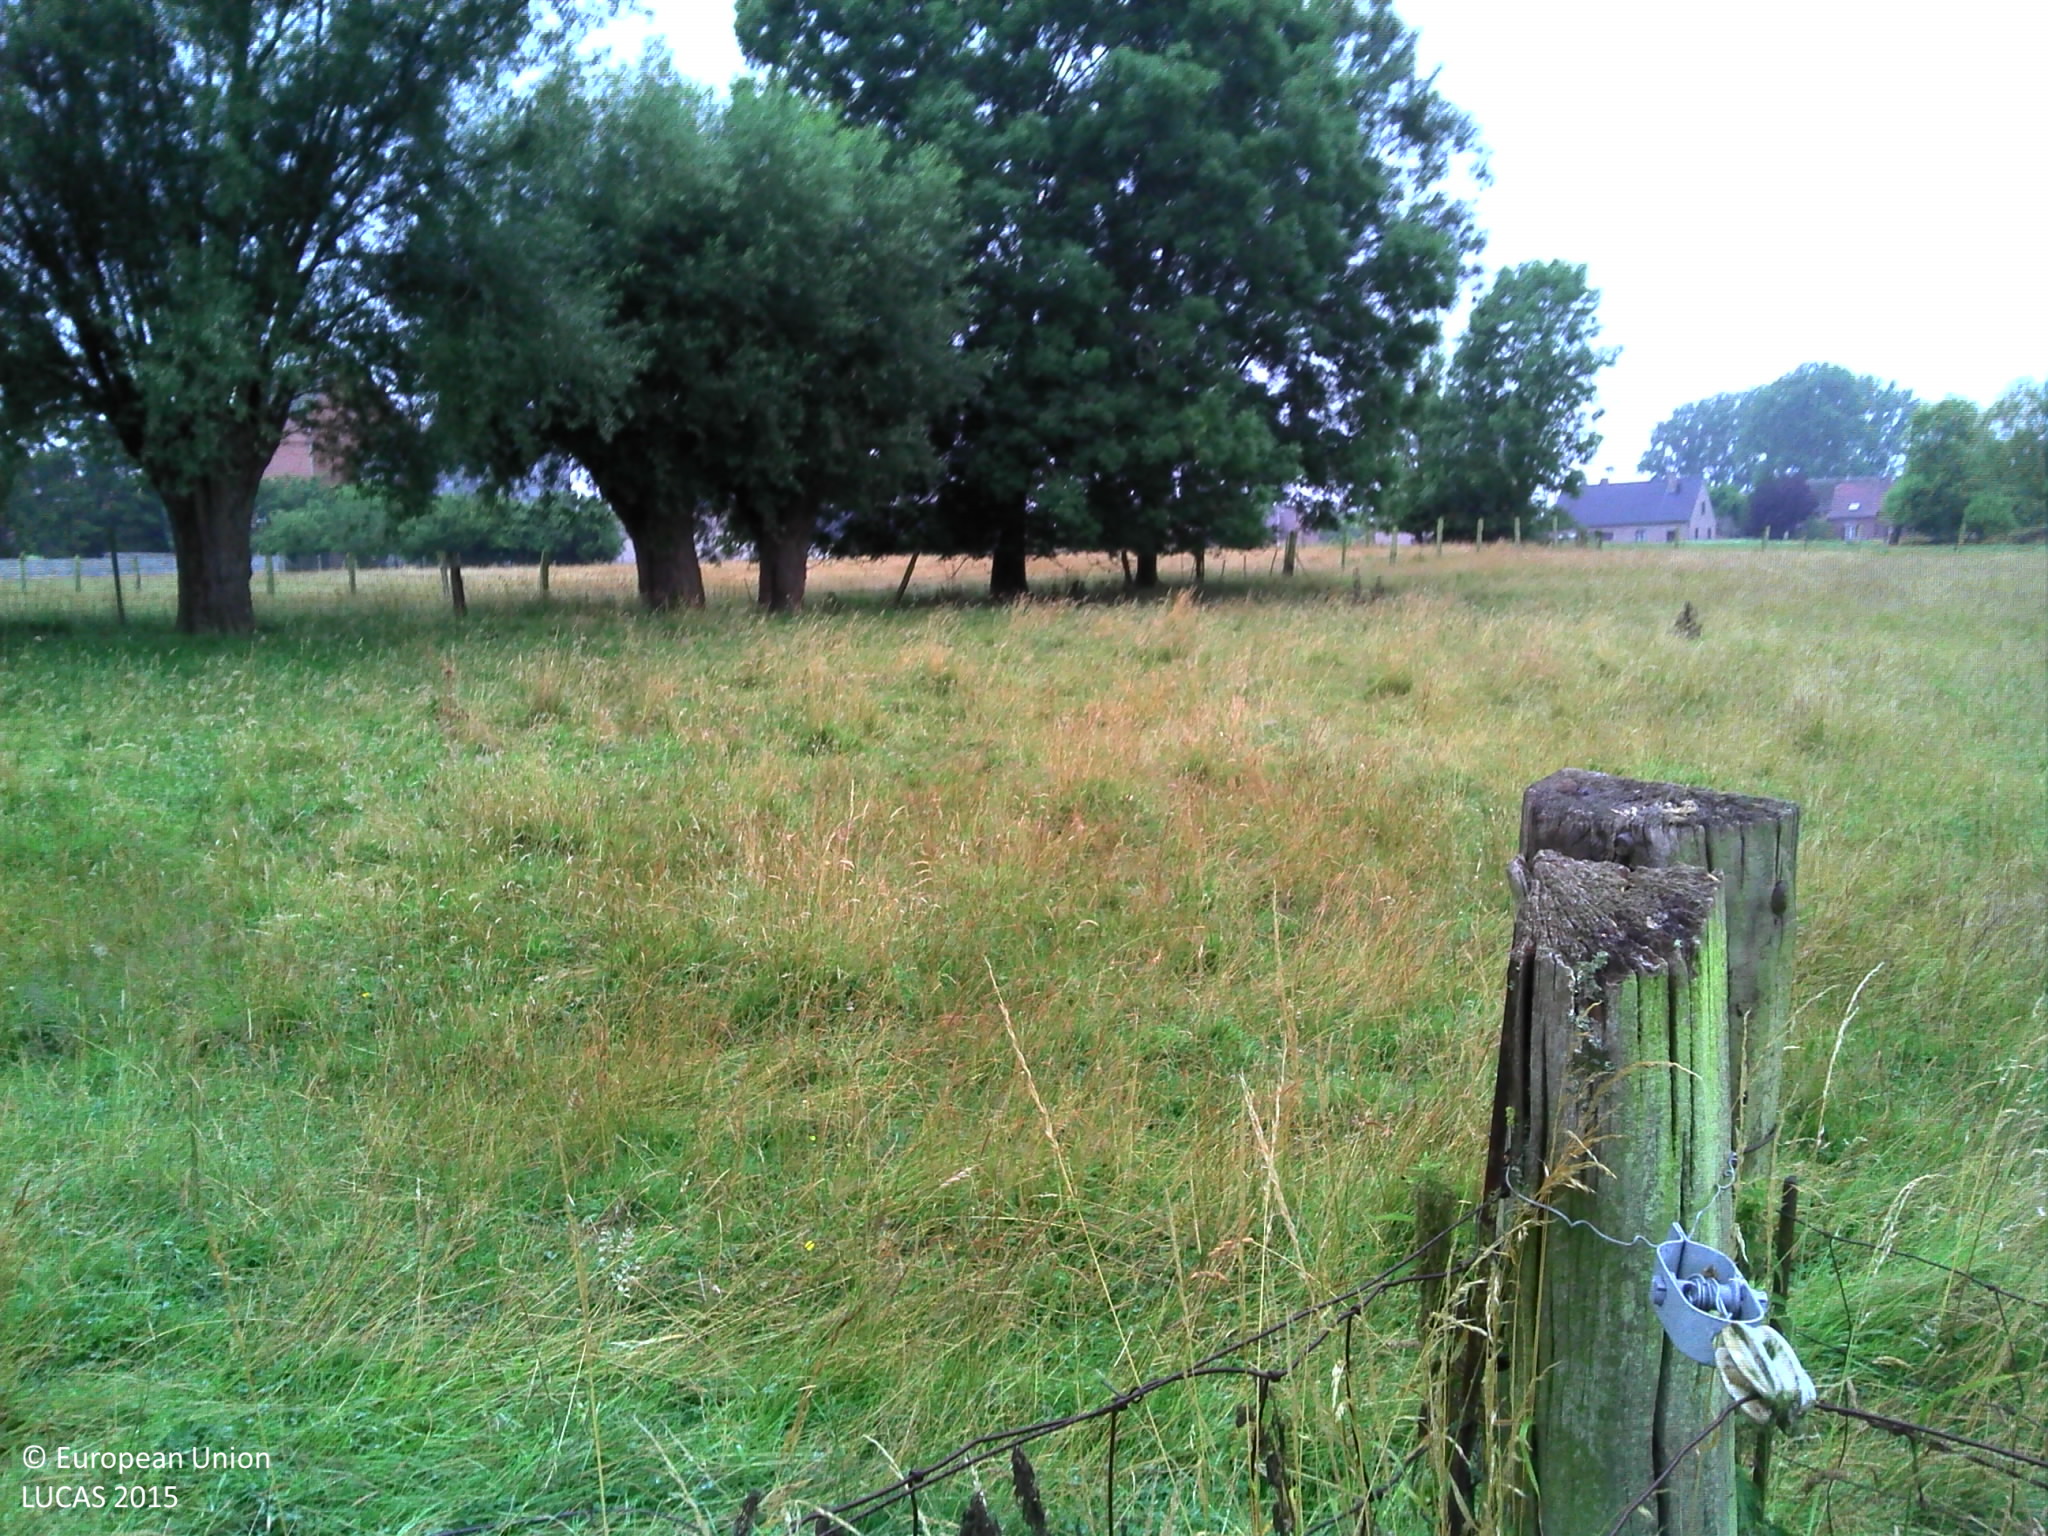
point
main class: Grassland
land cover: Grassland without tree/shrub cover
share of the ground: > 75 %
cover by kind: herbaceous plants 100 %
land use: Agriculture (excluding fallow land and kitchen gardens)
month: July
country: BE
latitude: 50.5848
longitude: 3.9916
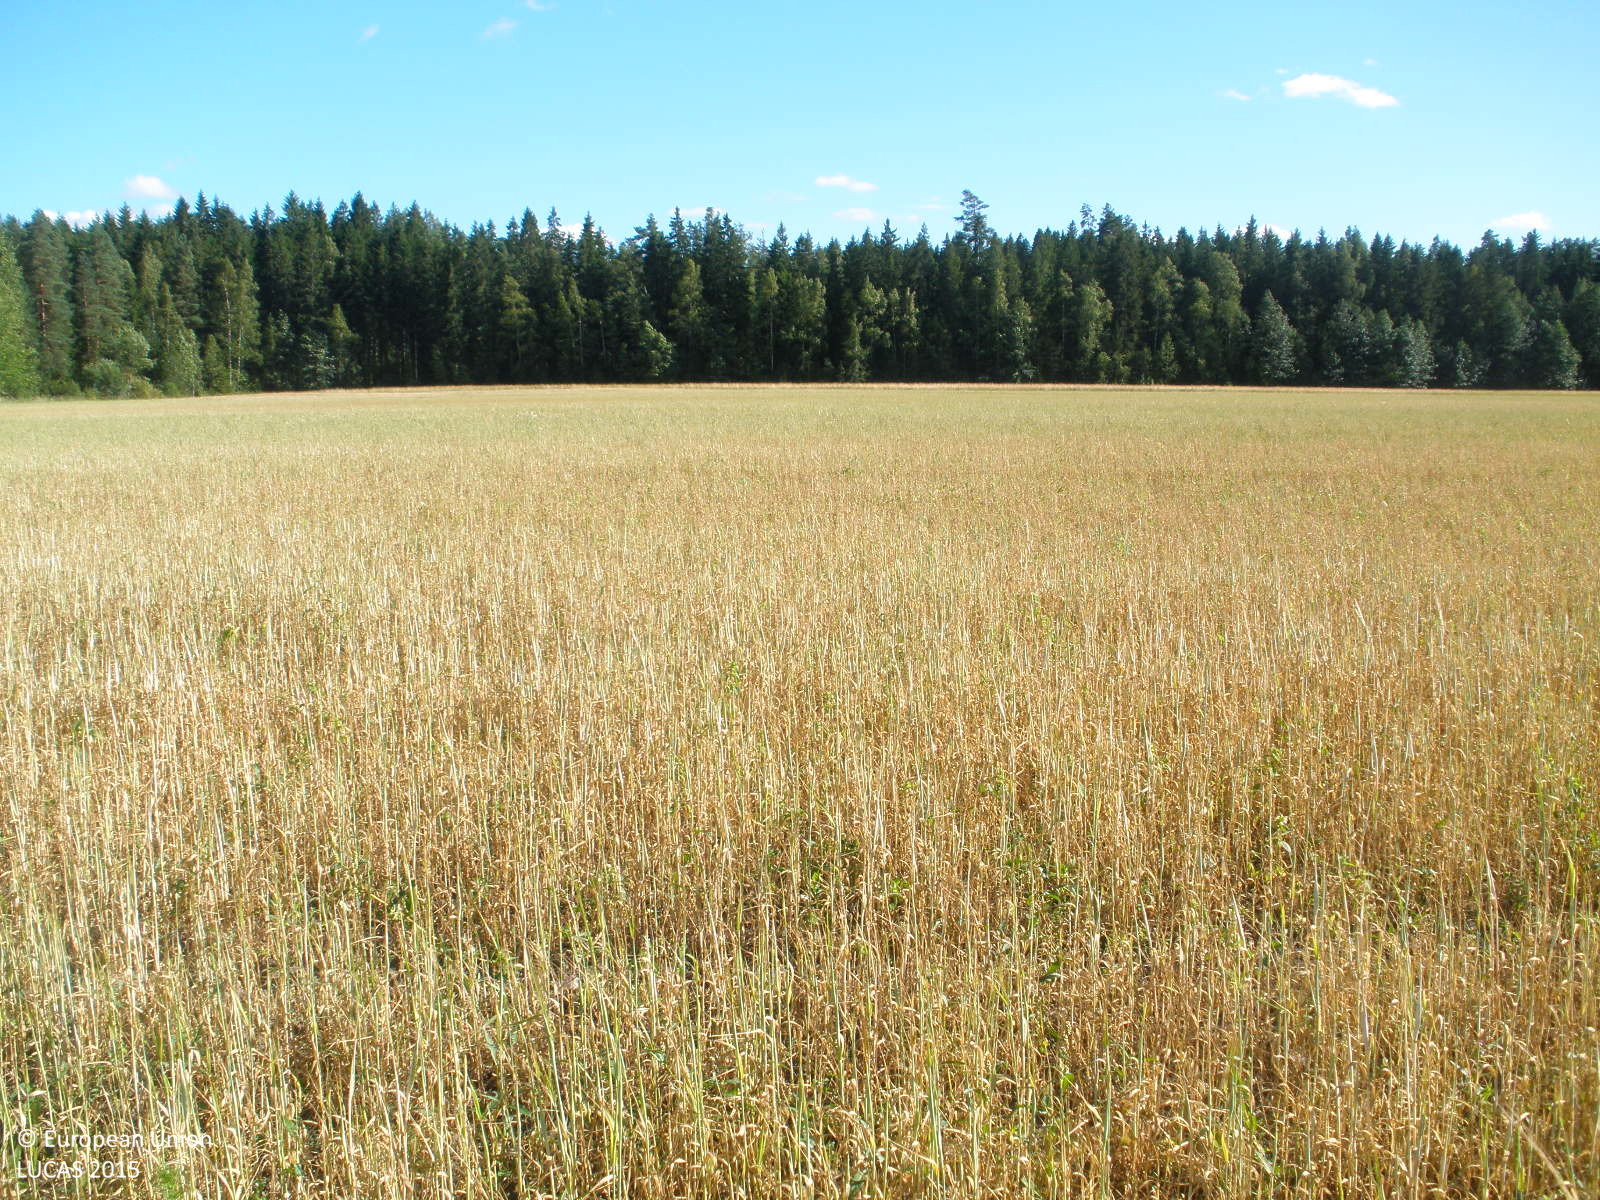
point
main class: Cropland
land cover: Barley
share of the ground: 50 - 75 %
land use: Agriculture (excluding fallow land and kitchen gardens)
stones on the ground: < 10 %
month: August
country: FI
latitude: 60.5498
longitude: 23.3392
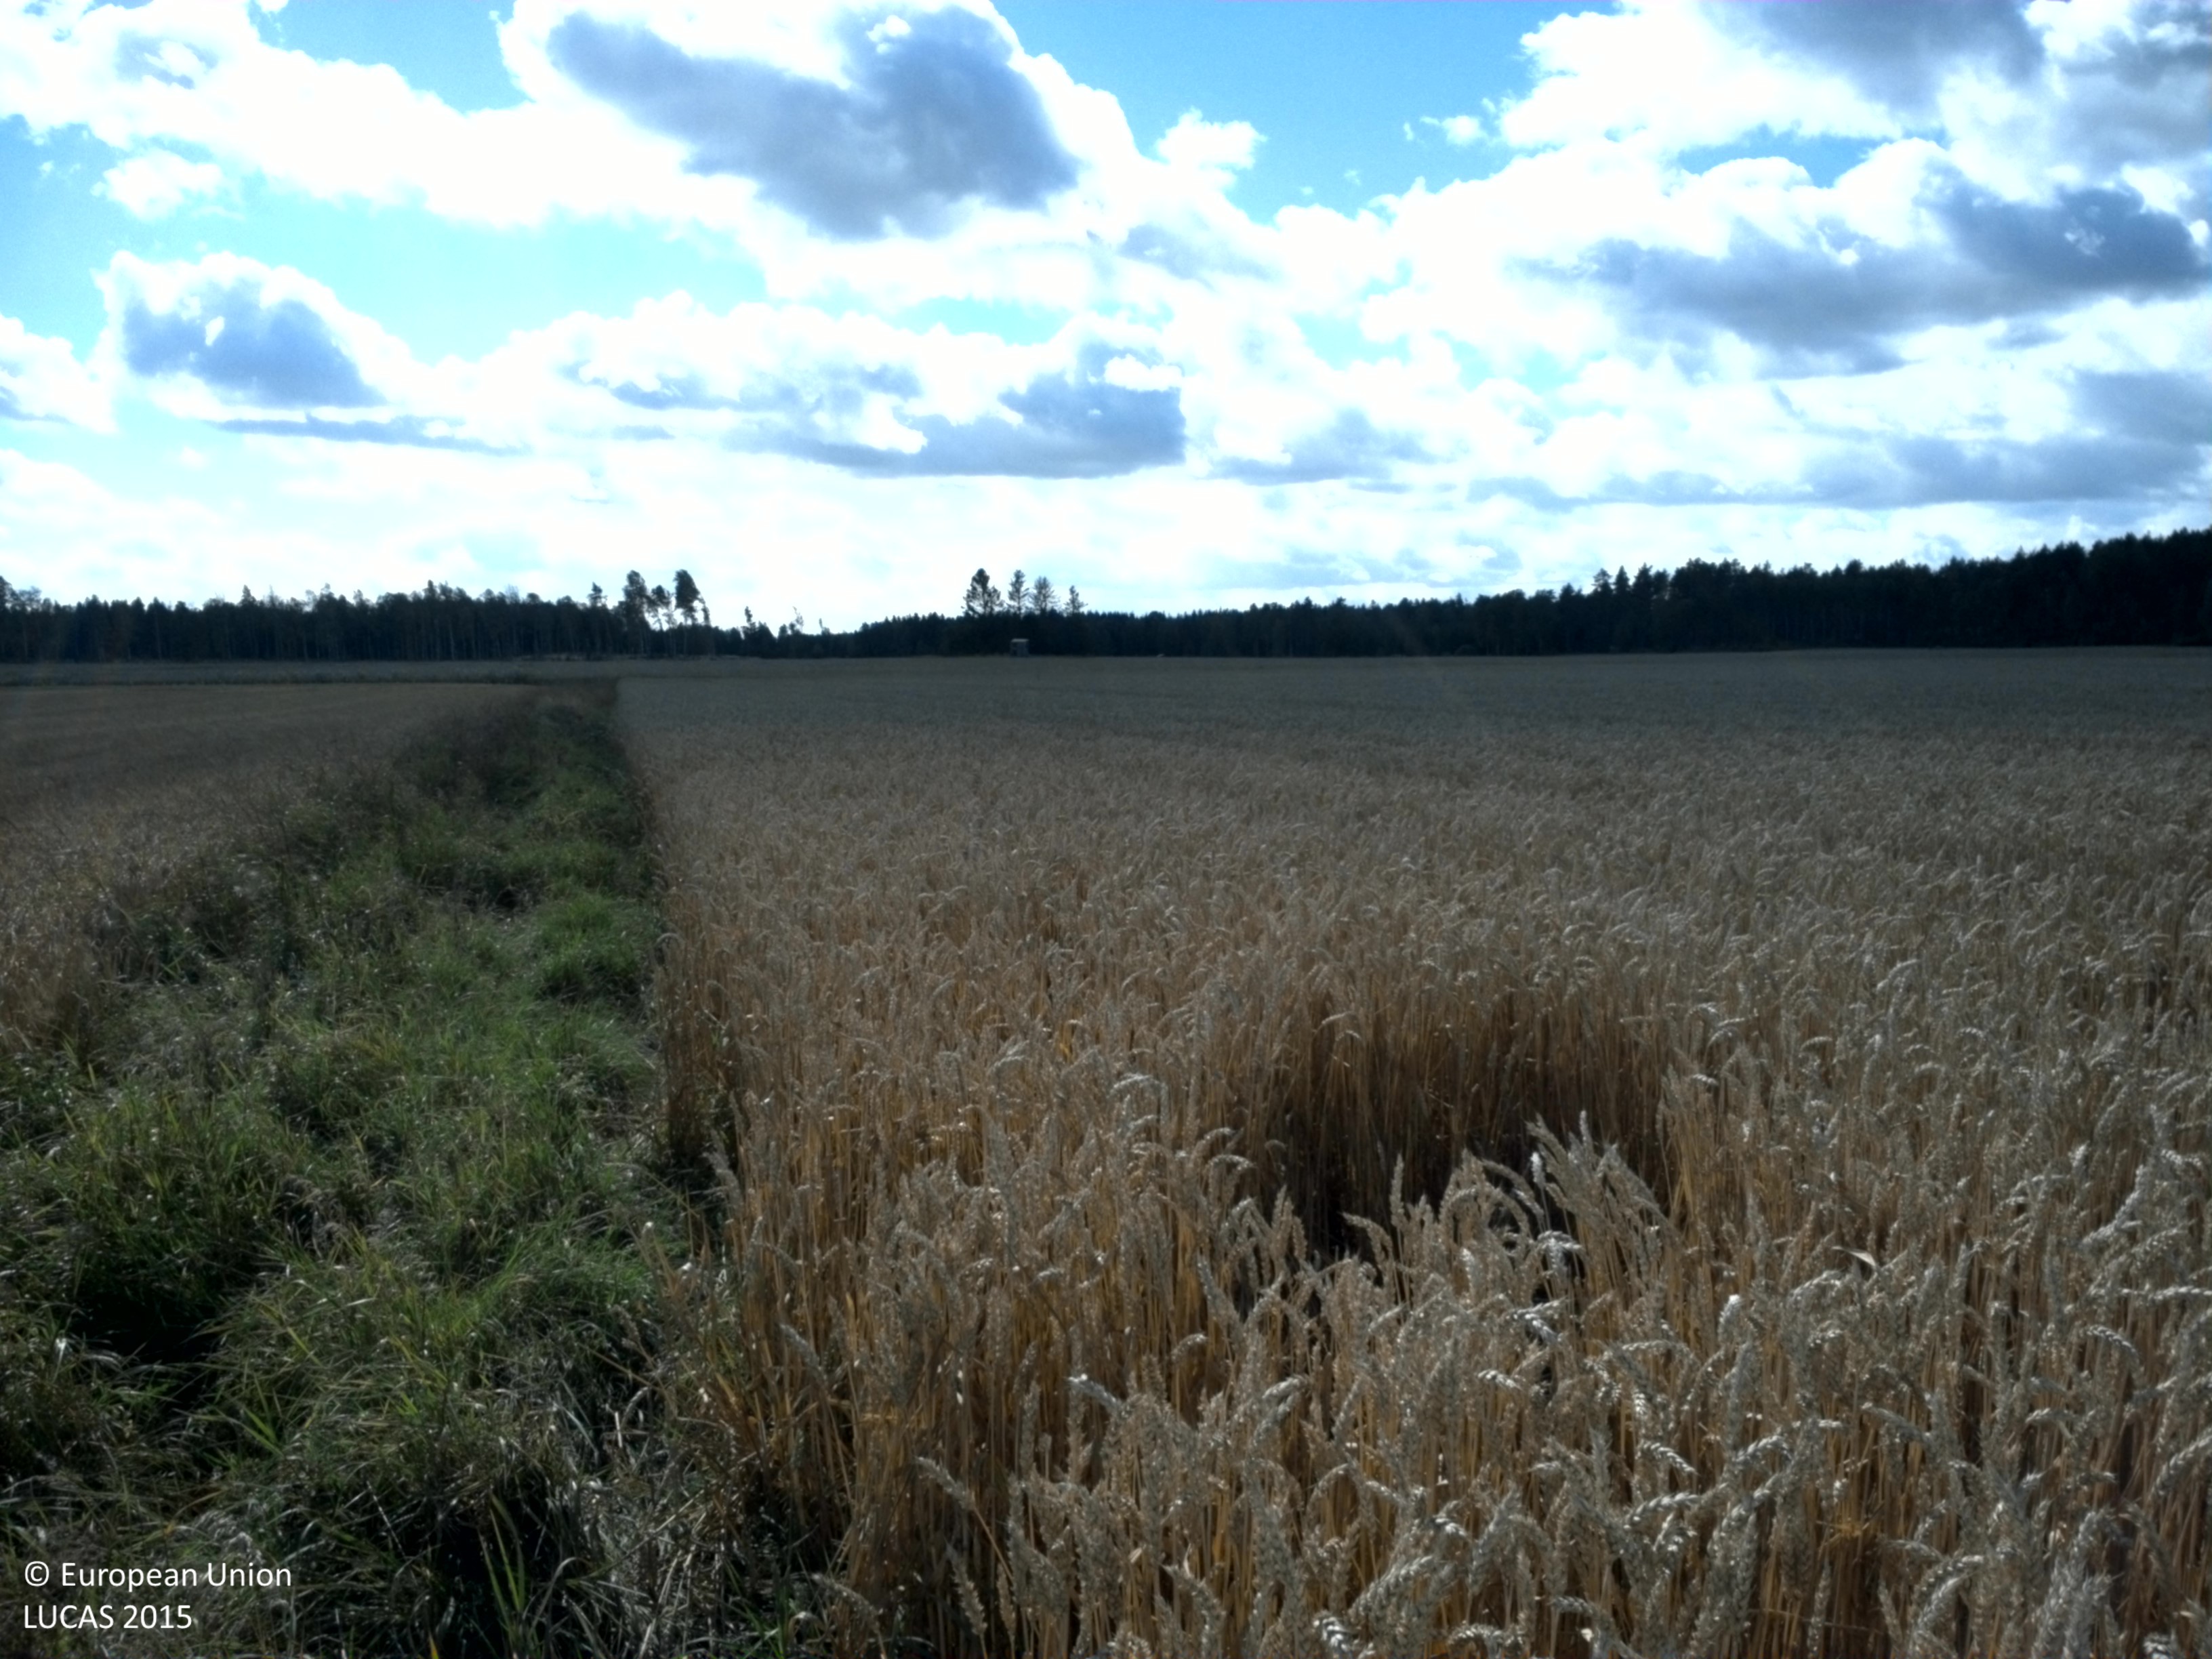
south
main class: Cropland
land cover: Common wheat
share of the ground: > 75 %
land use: Agriculture (excluding fallow land and kitchen gardens)
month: August
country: SE
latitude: 59.7042
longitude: 16.9059

▶ _TASK DESCRIPTION_
From the entries above, copy out every line where the string "ground" appears.

▶ _ANSWER FOR THE TASK_
share of the ground: > 75 %
share of the ground: 50 - 75 %
stones on the ground: < 10 %
share of the ground: > 75 %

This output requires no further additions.